There are a number of ways to implement VPN. I've found a router flashed with DD-WRT firmware works well - it includes both VPN host and client components, so you can have one at each end, and have them automatically connect on startup to create a tunnel between the two networks. That said, VPN may not always be ideal for remote viewing, because it DOES add a fair bit of overhead.
DDNS is certainly no less secure than a static IP - if anything, you're safer, BECAUSE the IP is (potentially) changing periodically, rather than always being the same. That being said, not all dynamic-IP systems change randomly: with my cable ISP, for example, I'm technically on a dynamic system, but my IP hasn't changed in years... well, since the last time I swapped my router, anyway, since in a standard DHCP setup, IPs are tied to the requestor's MAC address. I can force a change of my IP by simply changing my router's WAN MAC address, but for the most part, it stays stable.

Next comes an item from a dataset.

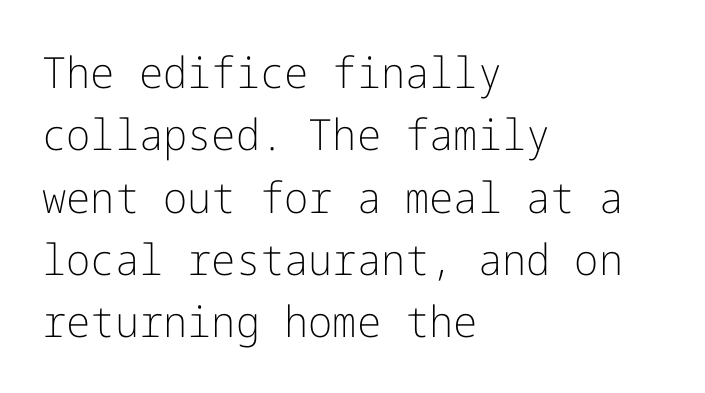
The image shows 43 px light sans-serif type, upright; set left-aligned, normal line spacing (1.45x), normal letter spacing, not underlined; low stroke contrast and a medium x-height.

A static IP is not necessarily that much more expensive, either, depending on the type of service. For our residential service here, I can get it for an extra $10/mo. I believe business customers of both our DSL and cable providers can get it for an extra $30/mo. Of course, if you're on a high-traffic corporate service of some sort, that'll probably cost a lot more, but at that point you're probably paying a bundle for the service in the first place.
As for your customer's system going down: do you KNOW it was a hack or DDOS attack? Or could it have simply been some internal problem?